LIFE CYCLE COST ANALYSIS WITH CONSTRAINED AND UNCONSTRAINED BUDGET FOR CITY ROAD NETWORK

Amrit pal Singh*, Tanuj Chopra***Engineer, PWD, Punjab**Assistant Professor, Department of Civil Engineering, Thapar University, Patiala. Punjab

ABSTRACT

The objective of this study is to develop a powerful system for the analysis of pavement management and investment strategies for the maintenance of the huge urban road network. The Highway Development and Management-4 (HDM-4) software has been used for strategy and program analysis of 10 road sections of Noida City. The HDM-4 tool provides the deterministic approach in data input and processing also utilizes data on existing road condition, traffic volume and composition to predict road deterioration as per the urban road conditions in terms of IRI value. HDM-4 simulates total life cycle conditions and costs for an analysis period under a user specified scenario of circumstances. A network economic evaluation is the most challenging use of the model, but the effort is well justified due to the potential savings on transportation costs achieved by comparing various alternatives and performing a budget constraint optimization. This study presents guidelines of HDM-4 analysis, reviews the applied methodology, input requirements and also shows future directions in order to apply HDM-4 effectively according to available urban conditions especially the mix traffic and the drainage conditions of the Noida city.

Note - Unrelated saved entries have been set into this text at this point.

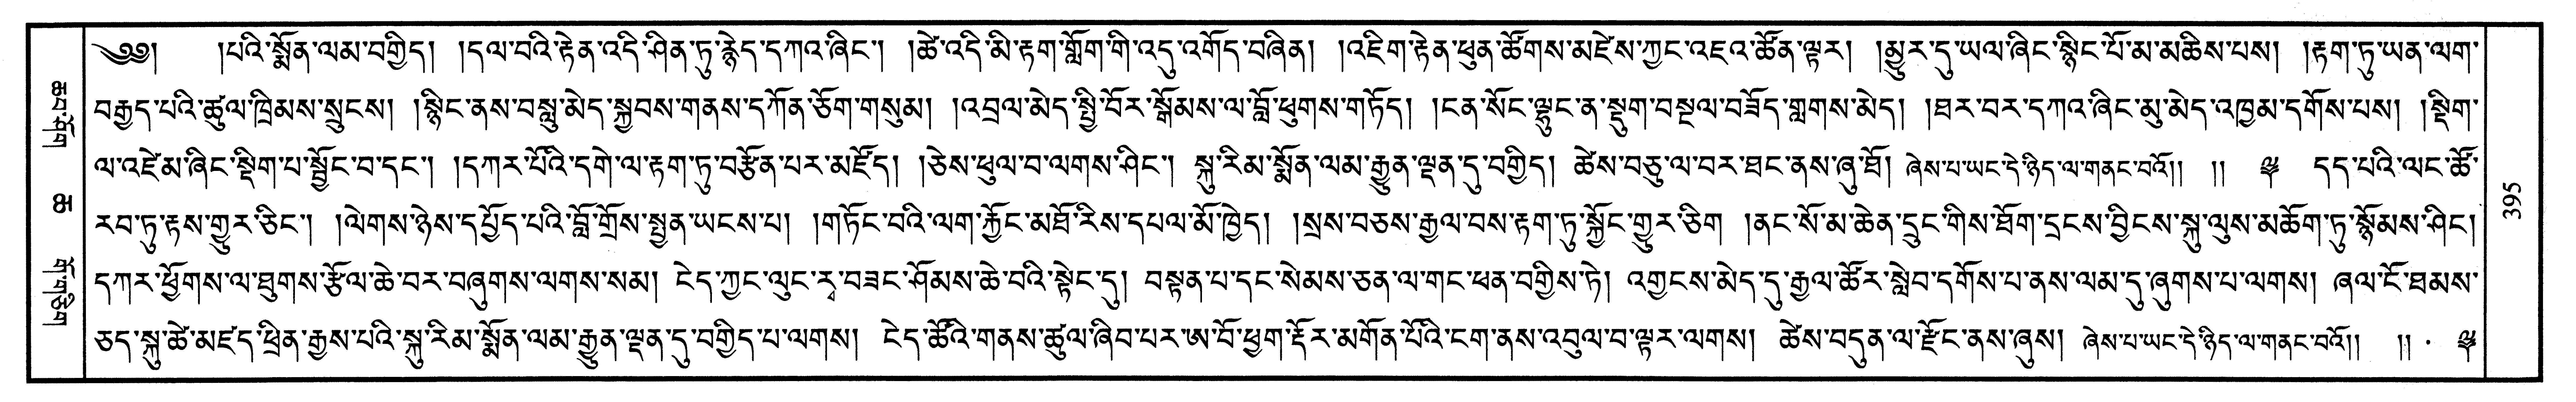༄༅། །པའི་སྨོན་ལམ་བགྱིད། །དལ་བའི་རྟེན་འདི་ཤིན་ཏུ་རྙེད་དཀའ་ཞིང་། །ཚེ་འདི་མི་རྟག་གློག་གི་འདུ་འགོད་བཞིན། །འཇིག་རྟེན་ཕུན་ཚོགས་མཛེས་ཀྱང་འཇའ་ཚོན་ལྟར། །མྱུར་དུ་ཡལ་ཞིང་སྙིང་པོ་མ་མཆིས་པས། །རྟག་ཏུ་ཡན་ལག་
བརྒྱད་པའི་ཚུལ་ཁྲིམས་སྲུངས། །སྙིང་ནས་བསླུ་མེད་སྐྱབས་གནས་དཀོན་ཅོག་གསུམ། །འབྲལ་མེད་སྤྱི་བོར་སྒོམས་ལ་བློ་ཕུགས་གཏོད། །ངན་སོང་ལྷུང་ན་སྡུག་བསྔལ་བཟོད་གླགས་མེད། །ཐར་བར་དཀའ་ཞིང་མུ་མེད་འཁྱམ་དགོས་པས། །སྡིག་
ལ་འཛེམ་ཞིང་སྡིག་པ་སྦྱོང་བ་དང་། །དཀར་པོའི་དགེ་ལ་རྟག་ཏུ་བརྩོན་པར་མཛོད། །ཅེས་ཕུལ་བ་ལགས་ཤིང་། སྐུ་རིམ་སྨོན་ལམ་རྒྱུན་ལྡན་དུ་བགྱིད། ཚེས་བཅུ་ལ་བར་ཐང་ནས་ཞུ་ཐོ། ཞེས་པ་ཡང་དེ་ཉིད་ལ་གནང་བའོ།། །། ༈ དད་པའི་ལང་ཚོ་
རབ་ཏུ་རྟས་གྱུར་ཅིང་། །ལེགས་ཉེས་དཔྱོད་པའི་བློ་གྲོས་སྤྱན་ཡངས་པ། །གཏོང་བའི་ལག་རྐྱོང་མཐོ་རིས་དཔལ་མོ་ཁྱེད། །སྲས་བཅས་རྒྱལ་བས་རྟག་ཏུ་སྐྱོང་གྱུར་ཅིག །ནང་སོ་མ་ཆེན་དྲུང་གིས་ཐོག་དྲངས་བྱིངས་སྐུ་ལུས་མཆོག་ཏུ་སྙོམས་ཤིང་།
དཀར་ཕྱོགས་ལ་ཐུགས་རྩོལ་ཆེ་བར་བཞུགས་ལགས་སམ། ངེད་ཀྱང་ལུང་རྭ་བཟང་ཤོམས་ཆེ་བའི་སྟེང་དུ། བསྟན་པ་དང་སེམས་ཅན་ལ་གང་ཕན་བགྱིས་ཏེ། འགྱངས་མེད་དུ་རྒྱལ་ཚོར་སླེབ་དགོས་པ་ནས་ལམ་དུ་ཞུགས་པ་ལགས། ཞལ་ངོ་ཐམས་
ཅད་སྐུ་ཚེ་མཛད་ཕྲིན་རྒྱས་པའི་སྐུ་རིམ་སྨོན་ལམ་རྒྱུན་ལྡན་དུ་བགྱིད་པ་ལགས། ངེད་ཚོའི་གནས་ཚུལ་ཞིབ་པར་ཨ་བོ་ཕྱག་རྡོར་མགོན་པོའི་ངག་ནས་འབུལ་བ་ལྟར་ལགས། ཚེས་བདུན་ལ་རྫོང་ནས་ཞུས། ཞེས་པ་ཡང་དེ་ཉིད་ལ་གནང་བའོ།། །། ༈

The methodology described here attempts to take advantage of all the capabilities of HDM-4, deal with the limitations of HDM-4, and produce usable results. The examples presented are actual HDM-4 inputs and results obtained from applying the model in many road stretches in the Noida city. The examples, which were selected from different evaluations performed on different roads to best illustrate a given evaluation step, do not otherwise reflect a particular pattern or relationship. The methodology used by the author calls for HDM-4 analysts to first identify the possible road works and then determine which road works to evaluate for each road class as a function of the traffic and other characteristics of the road class. For example, the works selected could be: (i) preventive treatment or surface treatment works for roads in good condition, (ii) surface treatment or asphalt concrete resurfacing works for roads in fair condition, and (iii) strengthening or reconstruction works for road in poor condition. It is important that the selected road works per road class be feasible from a purely technical point of view to produce realistic results.

HDM-4 allows for the definition of condition-responsive and scheduled project alternatives, for example, the maintenance schedule can be set up to execute an overlay when roughness reaches 4.0 IRI or execute an overlay every 15 years. However, under the proposed methodology, project alternatives are defined so that a given road work is scheduled in a given calendar year followed by a condition-responsive maintenance policy that keeps the road in good condition after the road work is executed. By defining the project alternatives this way, all possible combinations of road works and timing of road works are considered in the evaluation, making it easier to explore the corresponding results. Purely condition-responsive or scheduled project alternatives

(for example, executing overlay at 4.0 IRI or every 15 years) are not recommended because: (i) the interval between roads works should change over time due to the traffic growth; (ii) over an evaluation period, the same road works typically should not be repeated (for example, if one defines an alternative as 100 mm overlay when roughness reaches 4.0 IRI, the first overlay of 100 mm may be reasonable, but another overlay of 100 mm as a second capital work may be unreasonable); and (iii) the management of HDM-4 outputs is easier if one schedules the first road work in a given calendar year because the timing of the first road work can be coded on the project alternative code and name, making it easier to identify the solution of each road class.

The Pavement Management System methodology, developed in this study would be useful for the highway agencies in planning pavement maintenance strategies in a scientific manner and ensuring rational utilization of limited maintenance funds. Graphical presentations of PMS results will also be useful for gaining better support from decision-makers, for adequate and timely fund allocations for preservation of the highway network. This methodology may be used for preparing the maintenance management programme for the National Highways covered under the prestigious National Highway Development Programme (NHDP) of India. Once this PMS methodology for National Highway network is implemented and made operational for a few years; this would serve as a window to State Governments, particularly for State Highways and Major District Roads. Thereafter, similar kind of PMS may be developed for other categories of roads such as State Highways and Major District Roads, using the inputs of PMS methodology presented in this study.